Meta's wording: "Using a micro-benchmark guided selection mechanism, the system deploys FP8 only in layers with high precision-loss tolerance. This targeted approach unlocks the throughput benefits of modern heterogeneous hardware for our most complex models with negligible impact on recommendation quality."

Why it's post-training (not QAT)¶

The post describes post-training quantisation (PTQ) — no retraining of the model in FP8 is required. The layer-selection decisions are made on an already-trained model, making the technique cheap to deploy: calibrate on a held-out eval set, emit a per-layer precision map, ship.

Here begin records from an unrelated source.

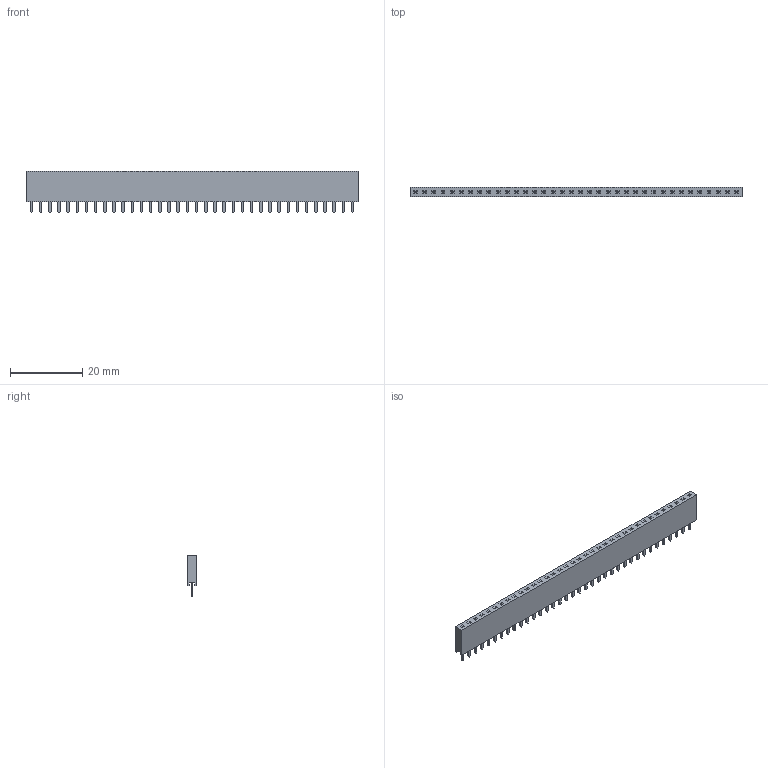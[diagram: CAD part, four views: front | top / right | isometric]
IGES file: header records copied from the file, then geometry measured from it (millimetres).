
Start section: C
Global section: file name: 61303611821.igs; native system:  By UGS Corp.; preprocessor: XPlus GENERIC/IGES 3.0; author: Author; organization: Title; date: 20111109.121619; units: millimetre
Bounding box: 91.94 x 2.5 x 11.6 mm (x, y, z)
Surface area: 4614.8 mm2 (no closed solid volume)
Topology: 0 solids, 0 shells, 1342 faces, 7320 edges, 7320 vertices
Faces by surface type: bspline 1342

Quantisation-aware training (QAT) is a more invasive alternative that would retrain the model with FP8 noise in the forward pass; Meta's choice of PTQ is deployment-friendly but constrained by what FP8 the model was not trained for can tolerate.

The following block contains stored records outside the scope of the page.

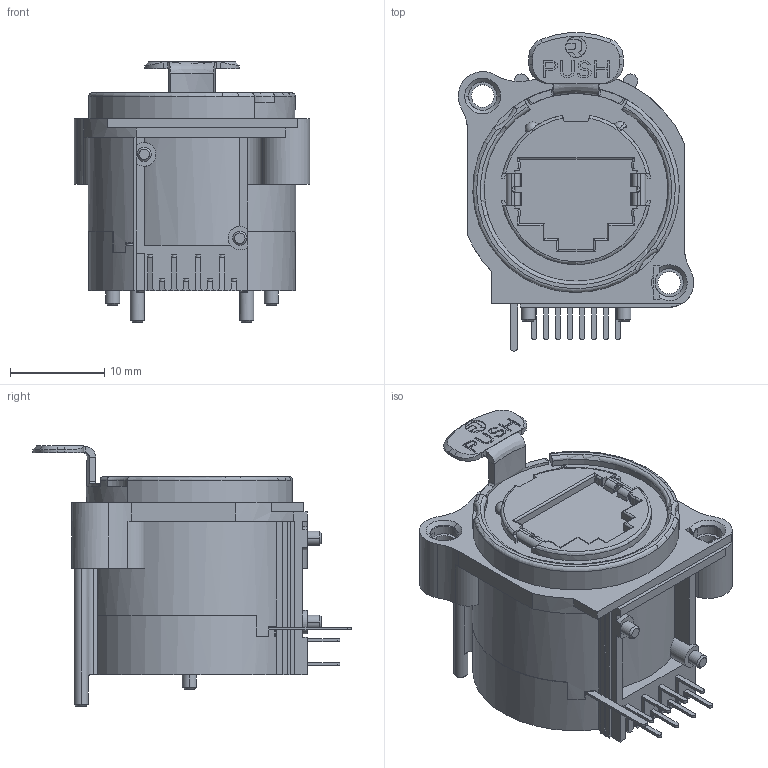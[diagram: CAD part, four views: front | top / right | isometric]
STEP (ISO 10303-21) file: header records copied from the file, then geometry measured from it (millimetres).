
FILE_DESCRIPTION((''),'2;1');
FILE_NAME('RRE8F-A-000_SW0002','2024-04-28T16:32:45',('zhj'),(''),'CREO PARAMETRIC BY PTC INC, 2021184','CREO PARAMETRIC BY PTC INC, 2021184','');
FILE_SCHEMA(('CONFIG_CONTROL_DESIGN'));
Length unit declared in the file: millimetre
Products named in the file (1): RRE8F-A-000_SW0002
Bounding box: 25 x 33.76 x 27.6 mm (x, y, z)
Volume: 8683 mm3; surface area: 3905.2 mm2
Topology: 1 solids, 2 shells, 689 faces, 1943 edges, 1265 vertices
Faces by surface type: plane 484, cylinder 133, cone 31, torus 20, bspline 10, extrusion 8, sphere 3
Entity records: 23384 total; most frequent: CARTESIAN_POINT 5590, ORIENTED_EDGE 3876, DIRECTION 3479, EDGE_CURVE 1938, VECTOR 1369, LINE 1361, VERTEX_POINT 1265, AXIS2_PLACEMENT_3D 1055

Relationship to hardware-aware model architecture¶

Selective FP8 is a hardware-aware choice: it exists because modern GPUs ship Tensor Cores with dedicated FP8 paths that are faster than BF16 — the hardware exposes a tier the software can opportunistic- ally hit. On hardware without fast FP8 (older generations), the technique isn't worth the engineering.

Seen in¶

2026-03-31 Meta — Meta Adaptive Ranking Model — canonical wiki source; describes selective FP8 as one of two model-system co-design levers (the other being graph + kernel specialisation) that together drive MFU to 35% across heterogeneous hardware (sources/2026-03-31-meta-adaptive-ranking-model-bending-the-inference-scaling-curve).
2026-05-08 Databricks × Superhuman — selective FP8 at 200K-QPS LLM serving with KV-cache explicitly off. Joint Databricks Model Serving / Superhuman post applies the selective-FP8 discipline to a production LLM serving workload at 200,000+ QPS on H100. Final config: attention projections (Q, K, V, output) and MLP projections all run through the FP8 path; KV-cache quantisation explicitly disabled. Quote: "weight quantization was where the throughput wins came from and KV-cache quantization introduced its own quality tradeoffs that weren't worth pursuing for this workload." This is the wiki's first canonical KV-cache-quantisation-explicitly-off datum — confirming that the selective-FP8 discipline named by the Meta ranking-model post generalises to the LLM-serving regime, with KV-cache as the canonical layer-class to leave at higher precision. Workload-specific framing: "weight quantization was where the throughput wins came from" — meaning the FP8 throughput win is concentrated in the linear-layer paths, not the KV-cache. Different workloads (longer context, decoder-heavy generation) may reach a different conclusion. The FP8 layer-set was tuned jointly: MLP projections were quantised from the start; the open question was attention. The Databricks runtime ships a hybrid- precision toggle flag so attention quantisation can be turned on/off per layer group without architectural change, letting both teams measure quality directly — and the experiment landed with "no measurable quality degradation" on Superhuman's internal eval harness. Quantisation granularity was also load-bearing: Databricks' kernels use per-channel scaling rather than the off-the-shelf per-tensor scaling, which "matched or exceeded other open source baselines at the same throughput." Net throughput contribution: up to +30% per-pod QPS, the single largest win of the migration. (Source: sources/2026-05-08-databricks-how-superhuman-and-databricks-built-a-200k-qps-inference-platform-together)

Caveats¶

Meta does not disclose the micro-benchmark metric (loss delta? downstream recommendation quality? task-specific KPI?) or the cutoff threshold.
Number / percentage of layers that land on FP8 is not disclosed.
Hardware mix — which accelerators are running the FP8 path — is not named (H100 / B200 / MI300X all have FP8 support).
The alternative of QAT is not evaluated in the post.